A new interpretability technique called J-lens has revealed a small, privileged region inside Claude's neural network, dubbed J-space, where the model stores concepts before putting them into words. In one test, J-space showed that Claude recognized a scenario as a test before it had even responded.

Contents
  1. The soccer experiment
  2. A test for pretense
  3. Is this consciousness
  4. What this means for AI safety testing

On July 6, Anthropic published a study describing a technique that lets researchers look inside Claude's neural network and read which concepts the model holds before it says anything at all. The company named this small, unusually active region of the network J-space, and the tool used to read it J-lens, after a mathematical technique called the Jacobian lens.

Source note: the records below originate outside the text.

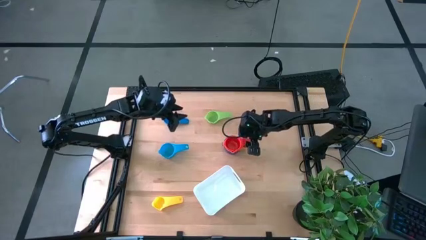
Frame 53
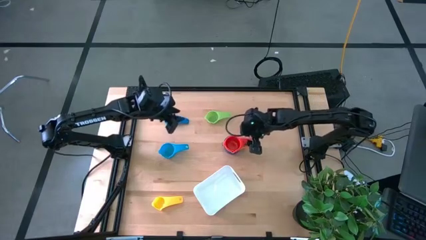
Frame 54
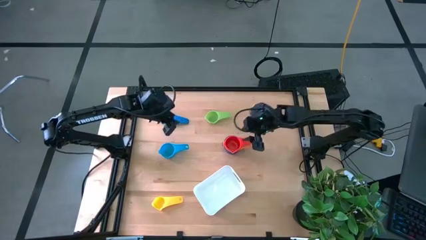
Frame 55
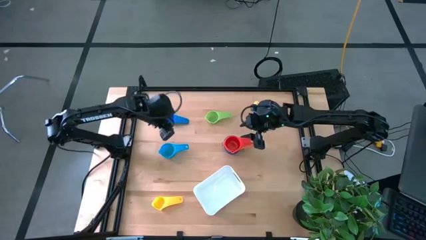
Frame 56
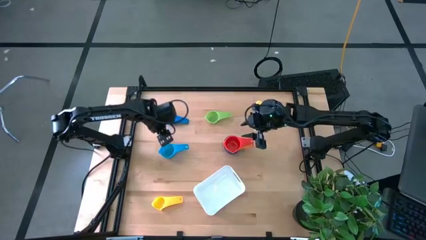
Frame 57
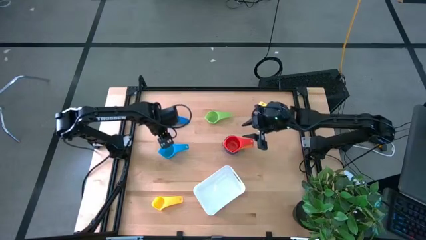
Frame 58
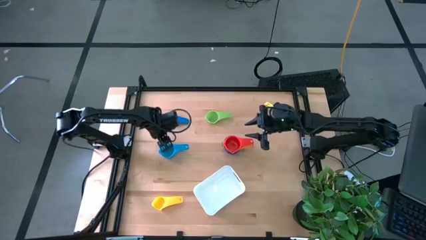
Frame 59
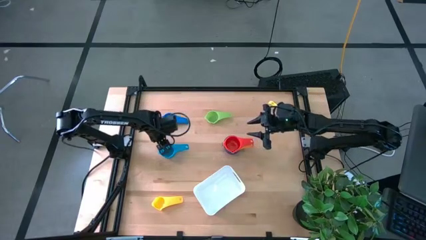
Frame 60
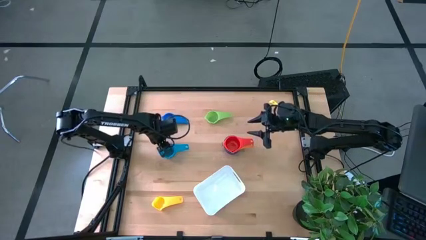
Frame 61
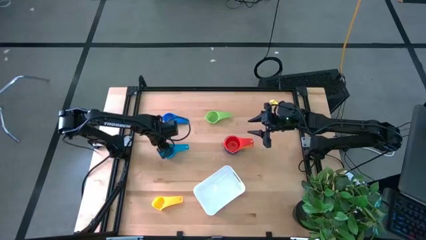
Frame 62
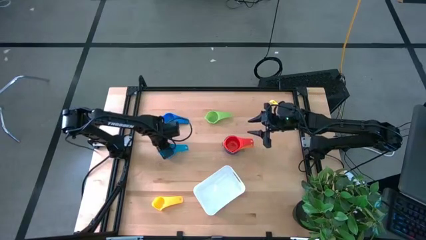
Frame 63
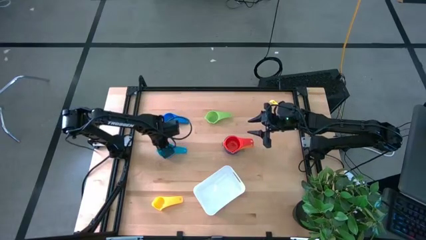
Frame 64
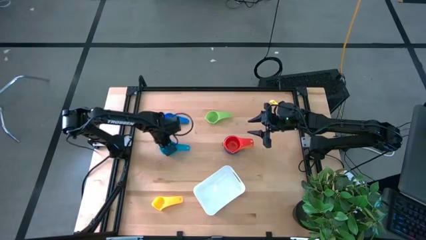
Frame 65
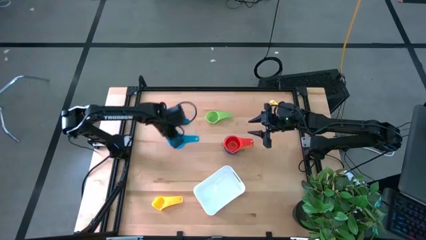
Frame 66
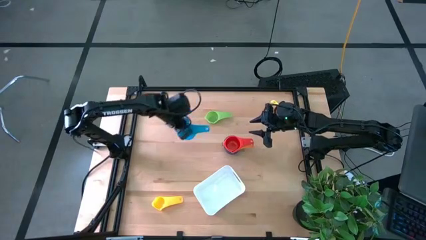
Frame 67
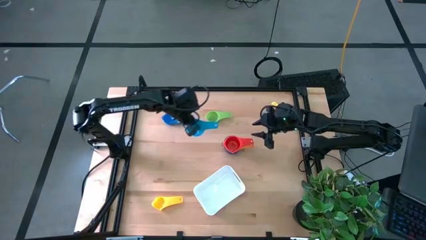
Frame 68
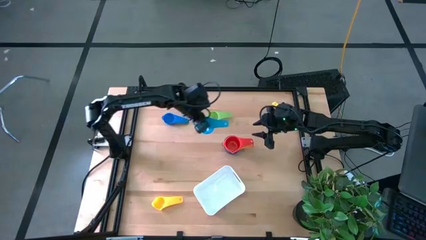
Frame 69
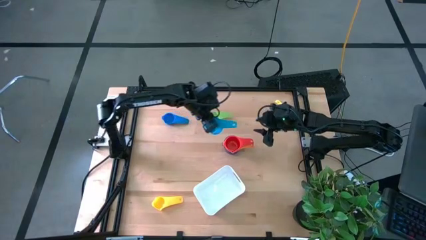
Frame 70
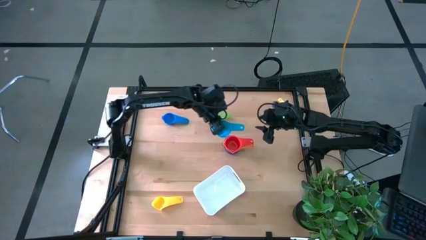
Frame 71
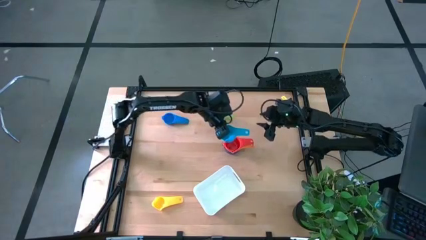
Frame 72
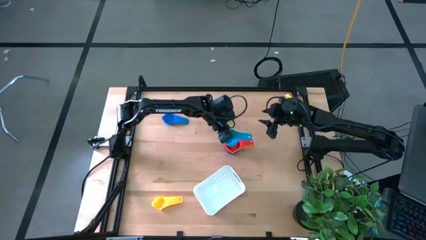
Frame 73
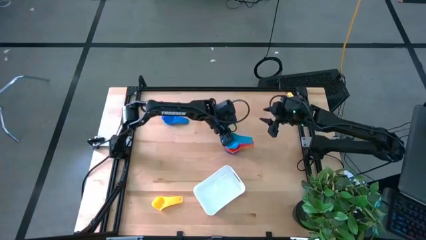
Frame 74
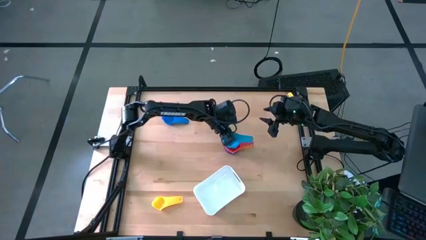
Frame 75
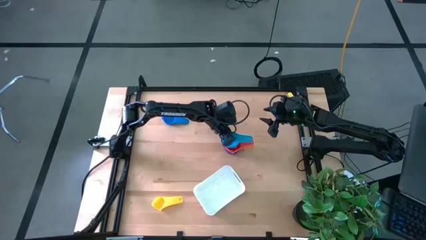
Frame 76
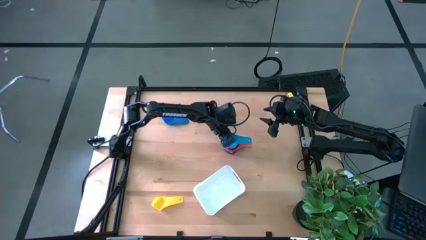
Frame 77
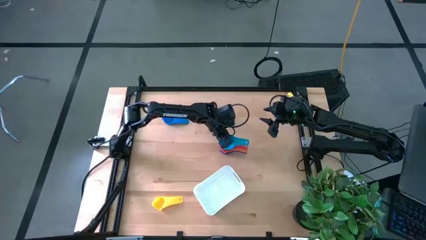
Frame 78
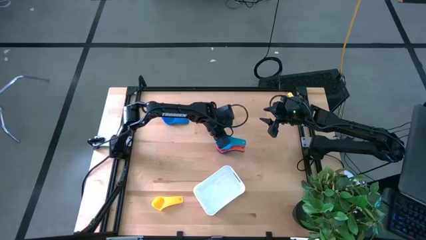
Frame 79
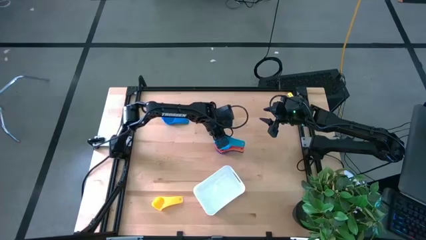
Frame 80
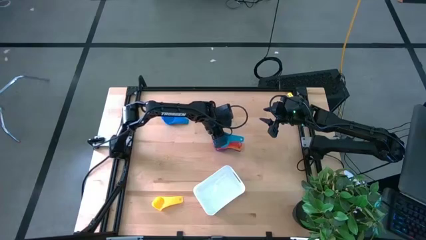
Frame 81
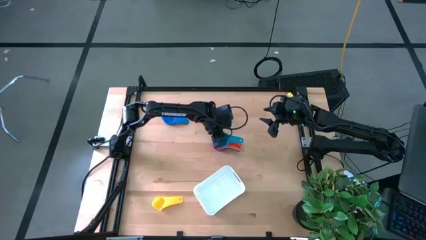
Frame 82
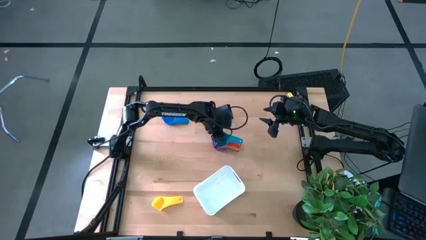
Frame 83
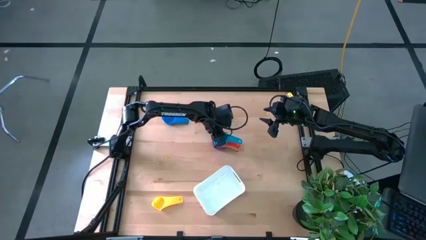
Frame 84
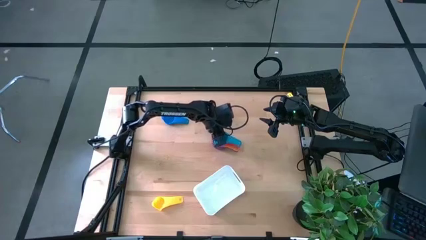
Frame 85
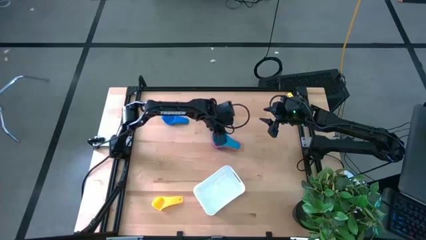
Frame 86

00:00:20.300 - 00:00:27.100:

The technique works roughly like this: for every word in the model's vocabulary, researchers identify the pattern of neuron activity that raises the probability the model will produce that word. By reading those patterns at a given moment during text processing, it becomes possible to see the list of concepts currently present in the model's internal workspace, before any answer is actually given.

The soccer experiment

In one test, researchers asked Claude to silently think of a sport and then name it. Before the model answered, J-lens showed the word soccer at the top of the list. When the scientists swapped that neural pattern for rugby, the model's answer changed accordingly, confirming that the response genuinely originated from this internal region rather than being generated independently of it.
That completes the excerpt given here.